Write the degree of each of the following polynomials:
(i) $ 5 x^{3}+4 x^{2}+7 x $
(ii) $ 4-y^{2} $
(iii) $ 5 t-\sqrt{7} $
(iv) 3
To do:
We have to write the degree of each of the given polynomials.
Solution:
Degree of a polynomial:
A polynomial's degree is the highest or the greatest power of a variable in a polynomial.
Therefore,
(i) In $5 x^{3}+4 x^{2}+7 x^1$, the term $5x^3$ has a variable of power $3$, the term $4x^2$ has a variable of power $2$ and the term $7x^1$ has a variable of power $1$.
Therefore, the degree of the given polynomial is $3$.
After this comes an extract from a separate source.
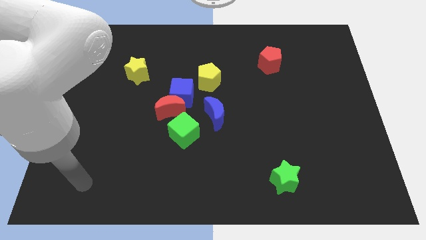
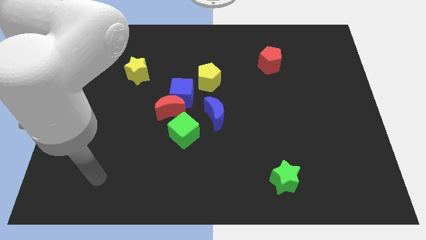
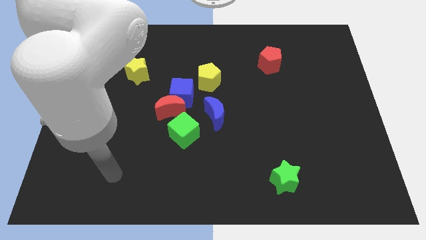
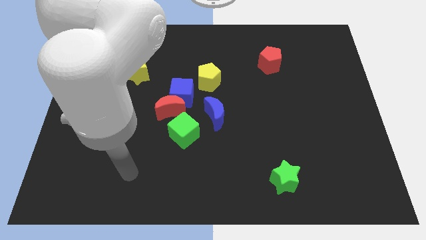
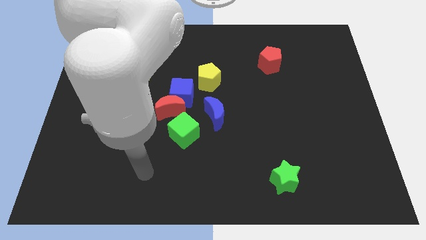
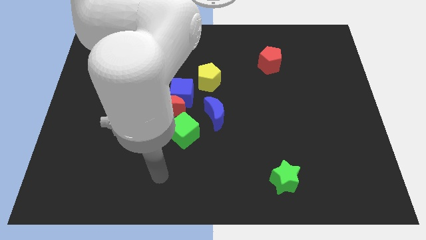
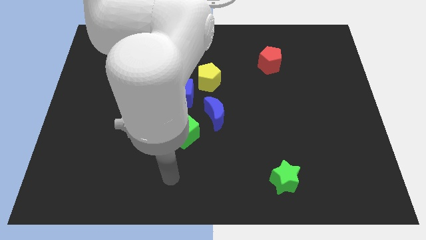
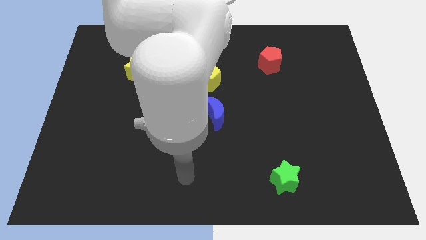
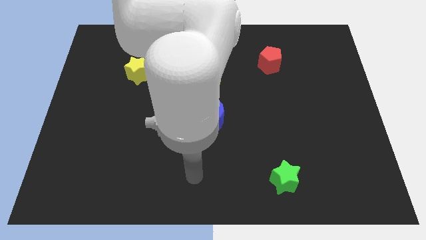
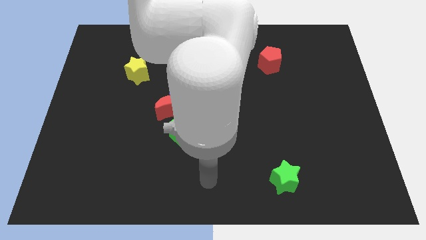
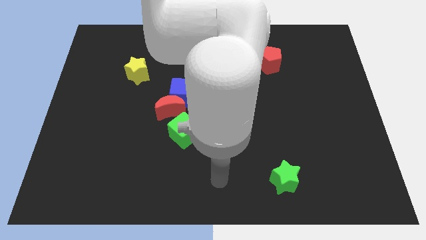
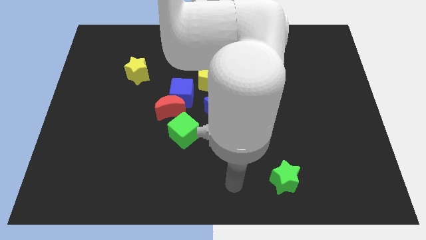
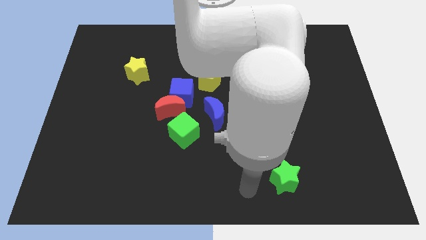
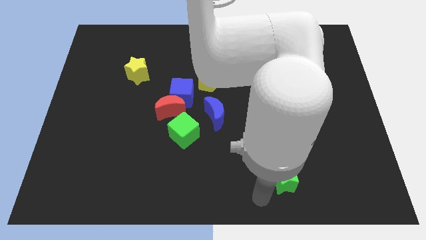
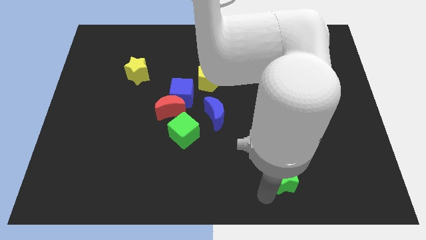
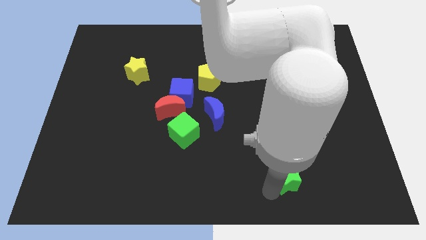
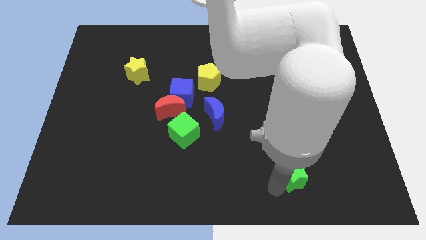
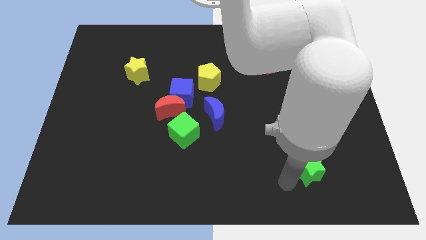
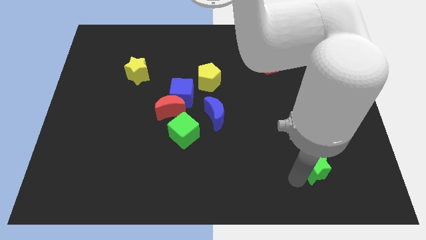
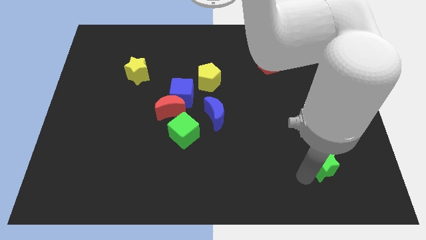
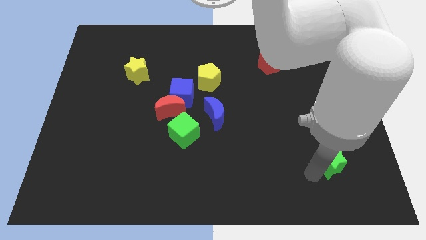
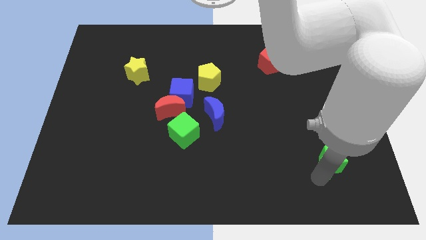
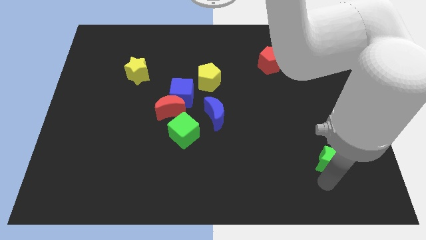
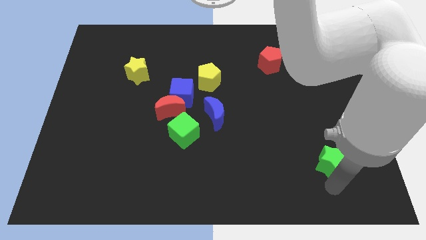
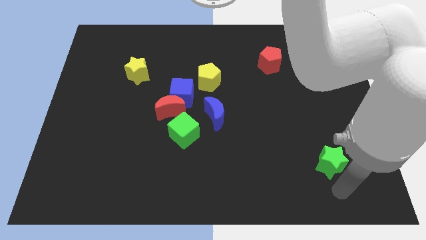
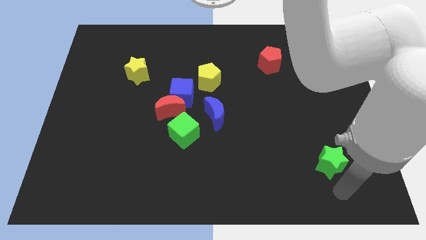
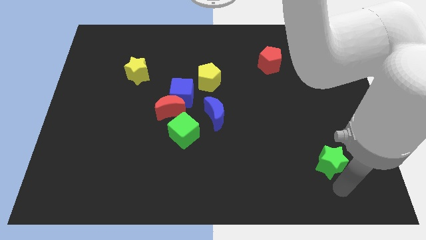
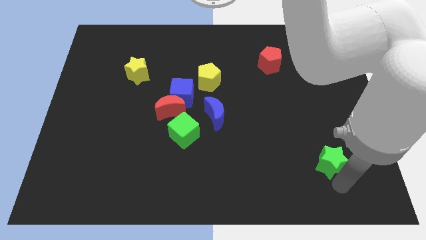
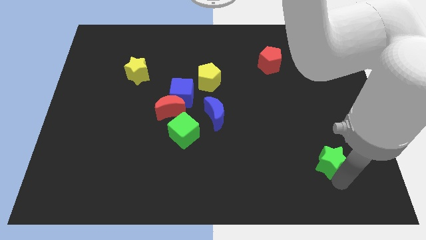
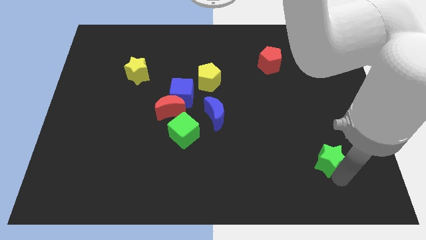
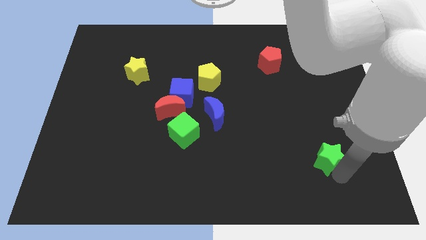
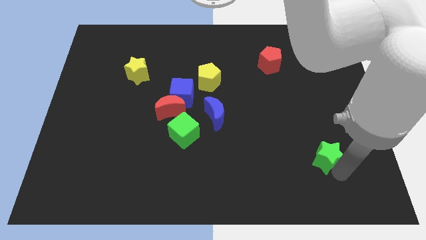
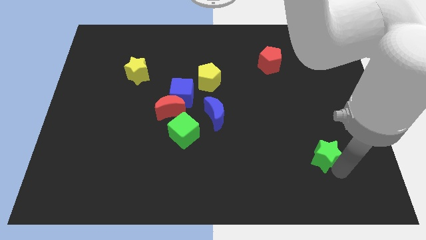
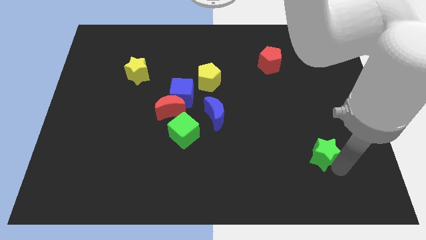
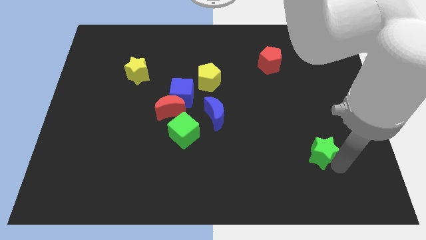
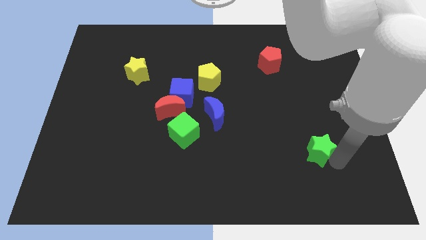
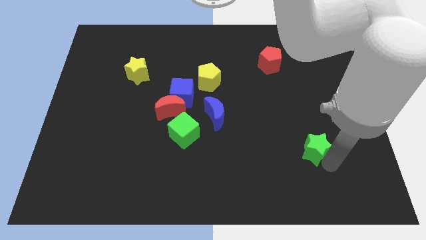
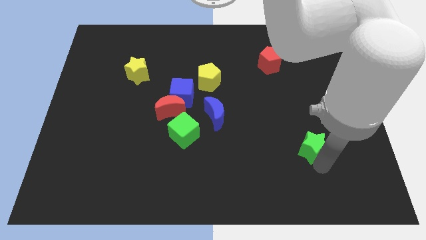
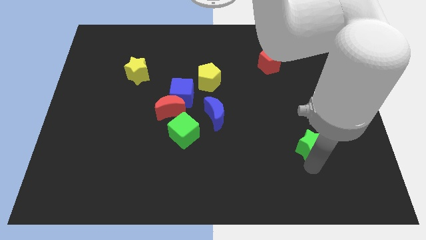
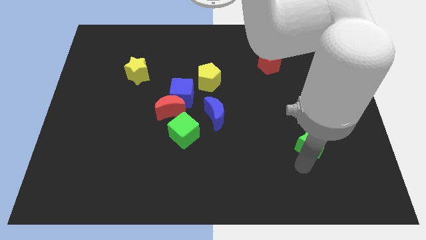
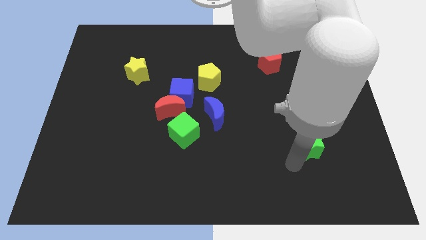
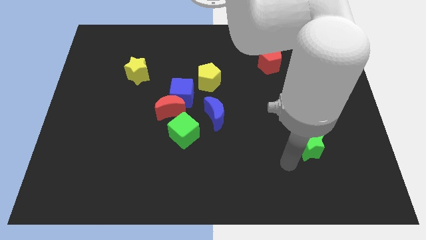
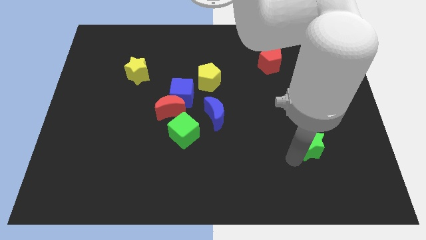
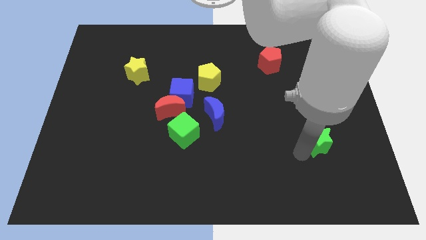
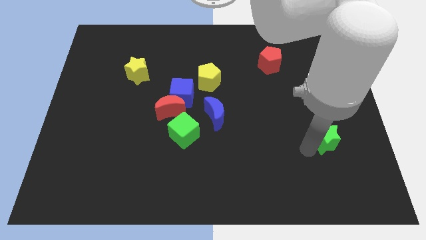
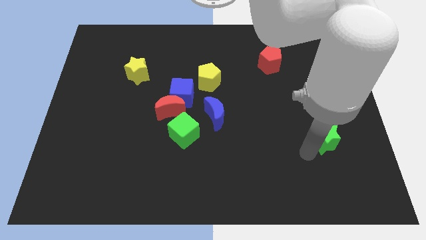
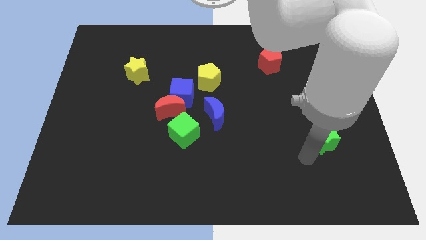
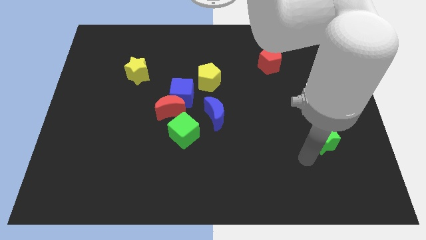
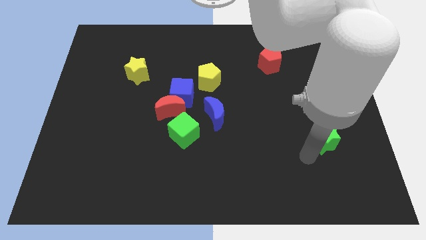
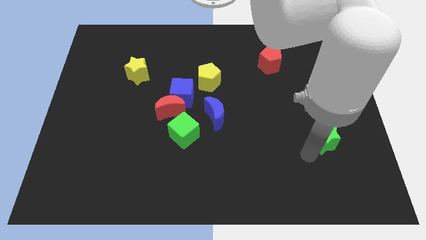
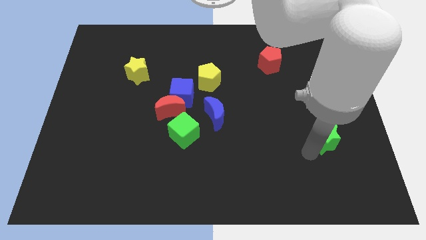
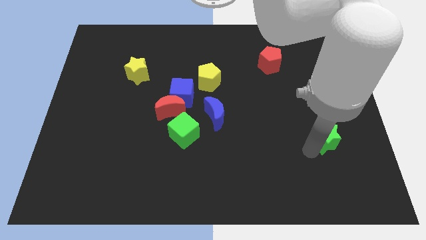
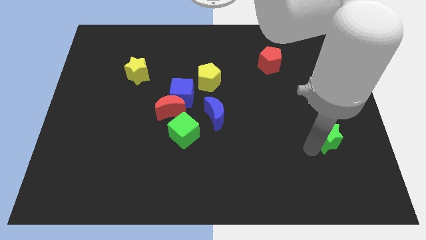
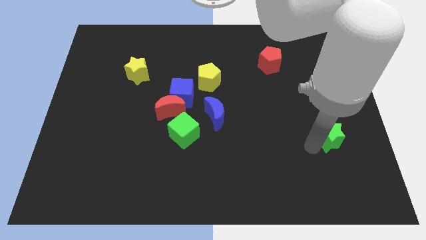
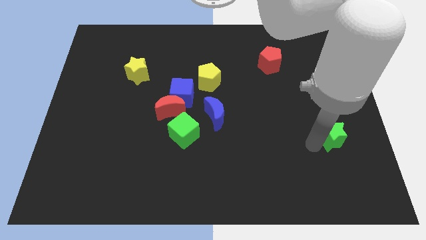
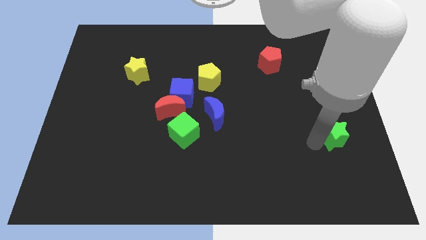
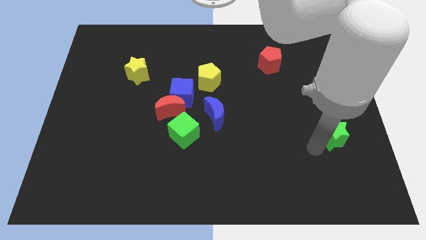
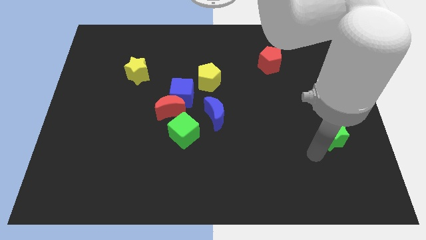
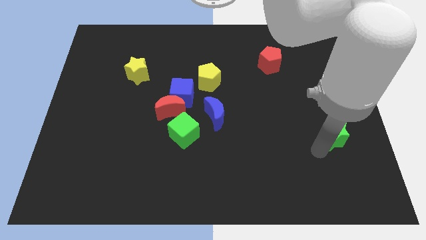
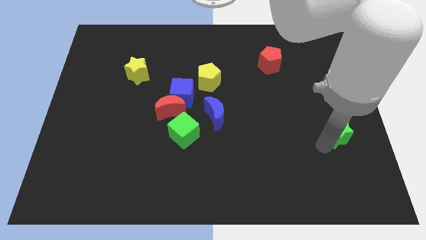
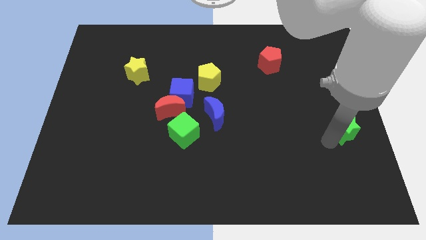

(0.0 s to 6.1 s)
move the green star to the right side of the board

(ii) In $4-y^{2}$, the term $4$ has a variable of power $0$ and the term $-y^2$ has a variable of power $2$.
Therefore, the degree of the given polynomial is $2$.
(iii) In $5 t-\sqrt{7}$, the term $5t^1$ has a variable of power $1$ and the term $-\sqrt7$ has a variable of power $0$.
Therefore, the degree of the given polynomial is $1$.
(iv) In $0=0\times x^0=0x^0$, the term $0x^0$ has a variable of power $0$.
Therefore, the degree of the given polynomial is $0$.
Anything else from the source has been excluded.